* [About this task]:
Start at the line below containing "00:00:28.000" and stop at the line containing "00:00:34.000". Repeat every line of that stretch exactly, and nothing outside it.

- - - - - - -

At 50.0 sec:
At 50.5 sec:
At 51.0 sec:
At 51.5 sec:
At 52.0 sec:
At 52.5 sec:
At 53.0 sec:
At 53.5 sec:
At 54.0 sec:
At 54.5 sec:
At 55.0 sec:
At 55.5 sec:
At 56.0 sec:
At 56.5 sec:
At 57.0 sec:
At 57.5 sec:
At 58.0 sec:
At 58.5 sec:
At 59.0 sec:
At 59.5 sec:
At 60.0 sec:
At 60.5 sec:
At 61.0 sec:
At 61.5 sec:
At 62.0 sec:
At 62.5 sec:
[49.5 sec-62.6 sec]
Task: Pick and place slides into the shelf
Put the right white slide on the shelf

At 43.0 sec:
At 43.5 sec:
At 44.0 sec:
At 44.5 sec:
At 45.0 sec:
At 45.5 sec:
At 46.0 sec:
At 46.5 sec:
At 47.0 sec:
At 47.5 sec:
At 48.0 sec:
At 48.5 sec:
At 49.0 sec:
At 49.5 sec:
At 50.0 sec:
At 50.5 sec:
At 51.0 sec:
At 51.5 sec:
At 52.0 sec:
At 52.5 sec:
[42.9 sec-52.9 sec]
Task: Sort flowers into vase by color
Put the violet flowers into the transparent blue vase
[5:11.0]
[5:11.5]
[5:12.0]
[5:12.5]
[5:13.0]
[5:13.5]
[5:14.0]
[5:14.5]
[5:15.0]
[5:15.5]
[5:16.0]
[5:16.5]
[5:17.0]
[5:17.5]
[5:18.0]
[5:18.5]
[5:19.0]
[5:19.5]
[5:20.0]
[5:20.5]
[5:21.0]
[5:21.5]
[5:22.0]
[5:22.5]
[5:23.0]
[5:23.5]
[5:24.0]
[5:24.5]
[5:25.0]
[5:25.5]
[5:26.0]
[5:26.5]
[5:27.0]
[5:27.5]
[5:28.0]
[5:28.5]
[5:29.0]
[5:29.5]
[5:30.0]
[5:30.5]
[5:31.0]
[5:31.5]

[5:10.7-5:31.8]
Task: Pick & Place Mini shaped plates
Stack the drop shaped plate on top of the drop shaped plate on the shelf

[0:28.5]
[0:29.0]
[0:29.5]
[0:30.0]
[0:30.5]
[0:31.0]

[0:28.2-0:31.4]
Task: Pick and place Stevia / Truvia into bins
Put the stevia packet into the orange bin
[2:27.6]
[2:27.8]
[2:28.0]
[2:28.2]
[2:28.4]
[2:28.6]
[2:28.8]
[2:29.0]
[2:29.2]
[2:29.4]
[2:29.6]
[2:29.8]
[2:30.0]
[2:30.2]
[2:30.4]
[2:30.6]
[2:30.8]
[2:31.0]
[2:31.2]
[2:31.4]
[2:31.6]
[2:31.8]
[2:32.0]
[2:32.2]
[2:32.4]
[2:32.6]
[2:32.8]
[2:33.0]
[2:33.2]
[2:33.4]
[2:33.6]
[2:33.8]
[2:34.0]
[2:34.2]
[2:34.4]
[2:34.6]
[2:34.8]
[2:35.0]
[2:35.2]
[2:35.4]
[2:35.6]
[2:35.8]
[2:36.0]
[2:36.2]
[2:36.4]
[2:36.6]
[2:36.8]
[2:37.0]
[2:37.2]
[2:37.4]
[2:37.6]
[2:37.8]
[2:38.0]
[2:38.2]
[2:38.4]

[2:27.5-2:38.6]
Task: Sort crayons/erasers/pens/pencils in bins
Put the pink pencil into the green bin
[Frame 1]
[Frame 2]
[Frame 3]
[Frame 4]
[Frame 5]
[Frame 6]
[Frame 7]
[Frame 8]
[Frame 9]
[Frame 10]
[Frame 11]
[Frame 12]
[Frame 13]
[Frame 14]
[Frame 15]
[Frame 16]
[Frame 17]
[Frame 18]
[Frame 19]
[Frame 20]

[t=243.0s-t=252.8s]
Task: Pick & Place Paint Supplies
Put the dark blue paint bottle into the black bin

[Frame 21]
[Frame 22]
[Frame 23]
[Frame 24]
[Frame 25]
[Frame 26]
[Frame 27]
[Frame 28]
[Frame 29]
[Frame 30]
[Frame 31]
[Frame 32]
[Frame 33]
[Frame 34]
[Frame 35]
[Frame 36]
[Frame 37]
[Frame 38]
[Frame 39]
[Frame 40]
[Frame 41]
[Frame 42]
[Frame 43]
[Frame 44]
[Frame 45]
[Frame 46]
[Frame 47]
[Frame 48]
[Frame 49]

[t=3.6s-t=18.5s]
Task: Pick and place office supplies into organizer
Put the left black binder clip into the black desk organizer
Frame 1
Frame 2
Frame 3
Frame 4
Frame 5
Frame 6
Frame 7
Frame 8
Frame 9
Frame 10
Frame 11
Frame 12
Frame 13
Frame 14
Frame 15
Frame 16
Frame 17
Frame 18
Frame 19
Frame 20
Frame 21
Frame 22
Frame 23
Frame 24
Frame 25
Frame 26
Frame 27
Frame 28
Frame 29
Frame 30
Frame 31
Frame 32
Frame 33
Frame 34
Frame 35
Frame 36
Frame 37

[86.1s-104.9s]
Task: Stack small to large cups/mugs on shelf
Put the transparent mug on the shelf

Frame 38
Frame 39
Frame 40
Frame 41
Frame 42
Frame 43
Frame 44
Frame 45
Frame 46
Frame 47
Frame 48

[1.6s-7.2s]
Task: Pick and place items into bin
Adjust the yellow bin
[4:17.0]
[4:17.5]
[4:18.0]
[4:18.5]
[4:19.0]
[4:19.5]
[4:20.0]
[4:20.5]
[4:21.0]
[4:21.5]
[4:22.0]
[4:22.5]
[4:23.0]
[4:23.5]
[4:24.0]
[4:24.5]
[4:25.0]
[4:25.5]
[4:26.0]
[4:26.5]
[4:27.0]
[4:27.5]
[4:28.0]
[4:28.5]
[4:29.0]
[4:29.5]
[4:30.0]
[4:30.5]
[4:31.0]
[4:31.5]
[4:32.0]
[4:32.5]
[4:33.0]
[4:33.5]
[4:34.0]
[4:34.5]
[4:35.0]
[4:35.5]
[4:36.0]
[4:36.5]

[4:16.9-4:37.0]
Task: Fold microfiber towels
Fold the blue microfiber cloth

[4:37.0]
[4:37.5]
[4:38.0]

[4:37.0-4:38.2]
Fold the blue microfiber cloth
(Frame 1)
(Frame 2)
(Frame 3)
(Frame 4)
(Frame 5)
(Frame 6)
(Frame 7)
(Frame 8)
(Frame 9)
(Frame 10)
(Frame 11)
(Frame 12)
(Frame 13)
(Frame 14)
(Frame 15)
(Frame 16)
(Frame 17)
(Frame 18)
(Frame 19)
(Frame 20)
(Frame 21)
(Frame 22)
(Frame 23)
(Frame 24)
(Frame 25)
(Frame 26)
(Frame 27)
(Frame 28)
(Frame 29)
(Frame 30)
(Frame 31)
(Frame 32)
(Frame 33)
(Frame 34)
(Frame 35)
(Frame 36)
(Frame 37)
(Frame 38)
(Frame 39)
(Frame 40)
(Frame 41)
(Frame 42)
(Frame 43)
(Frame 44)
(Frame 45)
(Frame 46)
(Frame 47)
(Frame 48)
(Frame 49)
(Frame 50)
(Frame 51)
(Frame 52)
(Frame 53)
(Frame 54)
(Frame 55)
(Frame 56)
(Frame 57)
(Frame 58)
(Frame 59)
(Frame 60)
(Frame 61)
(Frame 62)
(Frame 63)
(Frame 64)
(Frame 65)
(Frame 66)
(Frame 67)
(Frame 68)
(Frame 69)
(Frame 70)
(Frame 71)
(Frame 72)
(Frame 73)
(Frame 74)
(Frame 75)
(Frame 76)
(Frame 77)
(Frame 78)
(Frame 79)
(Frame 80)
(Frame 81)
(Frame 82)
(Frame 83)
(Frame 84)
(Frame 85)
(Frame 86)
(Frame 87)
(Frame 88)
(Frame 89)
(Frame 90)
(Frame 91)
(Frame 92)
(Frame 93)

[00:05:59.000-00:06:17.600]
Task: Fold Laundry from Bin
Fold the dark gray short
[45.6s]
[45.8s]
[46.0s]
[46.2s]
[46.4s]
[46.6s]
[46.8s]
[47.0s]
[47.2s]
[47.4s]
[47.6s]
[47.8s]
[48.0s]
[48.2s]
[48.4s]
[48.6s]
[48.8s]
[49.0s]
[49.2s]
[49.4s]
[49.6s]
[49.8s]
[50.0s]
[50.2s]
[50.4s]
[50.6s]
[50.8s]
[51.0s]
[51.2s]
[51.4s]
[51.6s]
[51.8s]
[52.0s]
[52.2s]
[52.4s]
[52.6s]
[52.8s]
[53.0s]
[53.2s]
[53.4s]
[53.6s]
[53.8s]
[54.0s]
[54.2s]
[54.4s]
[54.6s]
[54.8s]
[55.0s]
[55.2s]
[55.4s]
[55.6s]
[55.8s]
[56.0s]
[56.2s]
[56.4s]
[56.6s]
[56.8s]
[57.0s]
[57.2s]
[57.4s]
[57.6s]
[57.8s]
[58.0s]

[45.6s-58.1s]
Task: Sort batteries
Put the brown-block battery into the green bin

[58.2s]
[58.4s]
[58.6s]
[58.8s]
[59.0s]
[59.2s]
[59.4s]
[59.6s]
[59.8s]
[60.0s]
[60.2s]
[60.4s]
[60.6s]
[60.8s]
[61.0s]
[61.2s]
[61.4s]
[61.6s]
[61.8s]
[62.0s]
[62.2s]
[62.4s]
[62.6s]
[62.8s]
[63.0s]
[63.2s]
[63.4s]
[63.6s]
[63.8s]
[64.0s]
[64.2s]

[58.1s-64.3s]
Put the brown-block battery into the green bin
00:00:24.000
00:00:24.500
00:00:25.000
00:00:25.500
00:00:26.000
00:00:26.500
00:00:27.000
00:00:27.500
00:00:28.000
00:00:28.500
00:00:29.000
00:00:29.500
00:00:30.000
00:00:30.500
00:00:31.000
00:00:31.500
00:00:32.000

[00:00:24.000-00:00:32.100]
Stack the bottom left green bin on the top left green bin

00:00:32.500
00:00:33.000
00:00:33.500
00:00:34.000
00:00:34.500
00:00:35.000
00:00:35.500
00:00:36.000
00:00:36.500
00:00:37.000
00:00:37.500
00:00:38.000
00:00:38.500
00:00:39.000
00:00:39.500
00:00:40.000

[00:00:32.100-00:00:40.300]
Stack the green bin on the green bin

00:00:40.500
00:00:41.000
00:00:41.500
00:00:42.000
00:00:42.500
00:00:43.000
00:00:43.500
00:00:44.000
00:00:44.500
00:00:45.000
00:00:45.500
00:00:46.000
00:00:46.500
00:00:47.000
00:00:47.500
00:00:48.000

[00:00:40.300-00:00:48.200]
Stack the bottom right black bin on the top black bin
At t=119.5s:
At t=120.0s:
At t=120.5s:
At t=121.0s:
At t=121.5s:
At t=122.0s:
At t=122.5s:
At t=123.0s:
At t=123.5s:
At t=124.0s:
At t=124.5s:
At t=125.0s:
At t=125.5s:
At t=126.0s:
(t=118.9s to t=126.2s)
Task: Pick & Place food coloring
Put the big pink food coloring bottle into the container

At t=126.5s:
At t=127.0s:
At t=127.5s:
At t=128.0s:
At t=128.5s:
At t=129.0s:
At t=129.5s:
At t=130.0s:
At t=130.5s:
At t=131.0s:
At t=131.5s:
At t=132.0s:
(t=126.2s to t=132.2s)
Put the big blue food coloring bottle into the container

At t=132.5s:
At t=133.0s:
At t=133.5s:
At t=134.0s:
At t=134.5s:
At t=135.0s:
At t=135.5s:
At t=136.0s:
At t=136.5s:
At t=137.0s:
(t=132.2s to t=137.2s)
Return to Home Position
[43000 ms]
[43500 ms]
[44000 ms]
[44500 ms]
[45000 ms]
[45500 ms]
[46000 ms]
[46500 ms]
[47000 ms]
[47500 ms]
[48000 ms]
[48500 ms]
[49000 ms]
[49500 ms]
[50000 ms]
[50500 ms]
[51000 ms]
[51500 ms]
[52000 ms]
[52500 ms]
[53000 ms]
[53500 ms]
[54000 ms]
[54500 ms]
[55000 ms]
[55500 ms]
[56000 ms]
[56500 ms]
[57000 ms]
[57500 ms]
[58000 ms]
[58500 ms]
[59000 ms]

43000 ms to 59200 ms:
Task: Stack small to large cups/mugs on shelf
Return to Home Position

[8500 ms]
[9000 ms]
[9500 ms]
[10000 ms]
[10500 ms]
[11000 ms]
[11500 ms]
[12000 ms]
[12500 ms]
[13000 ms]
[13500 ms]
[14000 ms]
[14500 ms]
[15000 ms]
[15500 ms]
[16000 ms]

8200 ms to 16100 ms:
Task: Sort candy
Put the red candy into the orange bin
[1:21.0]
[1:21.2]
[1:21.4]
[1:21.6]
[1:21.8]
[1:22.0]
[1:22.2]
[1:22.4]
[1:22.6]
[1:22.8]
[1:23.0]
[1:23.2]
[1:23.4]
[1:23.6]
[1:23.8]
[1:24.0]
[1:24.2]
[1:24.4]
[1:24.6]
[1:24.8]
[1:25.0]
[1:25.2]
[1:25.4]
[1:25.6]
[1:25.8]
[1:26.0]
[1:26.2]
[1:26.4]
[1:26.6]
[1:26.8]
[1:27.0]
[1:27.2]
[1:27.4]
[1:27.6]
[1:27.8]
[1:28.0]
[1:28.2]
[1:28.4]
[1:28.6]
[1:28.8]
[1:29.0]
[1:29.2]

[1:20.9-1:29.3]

- - - - - - -

* [Exercise output]:
00:00:28.000
00:00:28.500
00:00:29.000
00:00:29.500
00:00:30.000
00:00:30.500
00:00:31.000
00:00:31.500
00:00:32.000

[00:00:24.000-00:00:32.100]
Stack the bottom left green bin on the top left green bin

00:00:32.500
00:00:33.000
00:00:33.500
00:00:34.000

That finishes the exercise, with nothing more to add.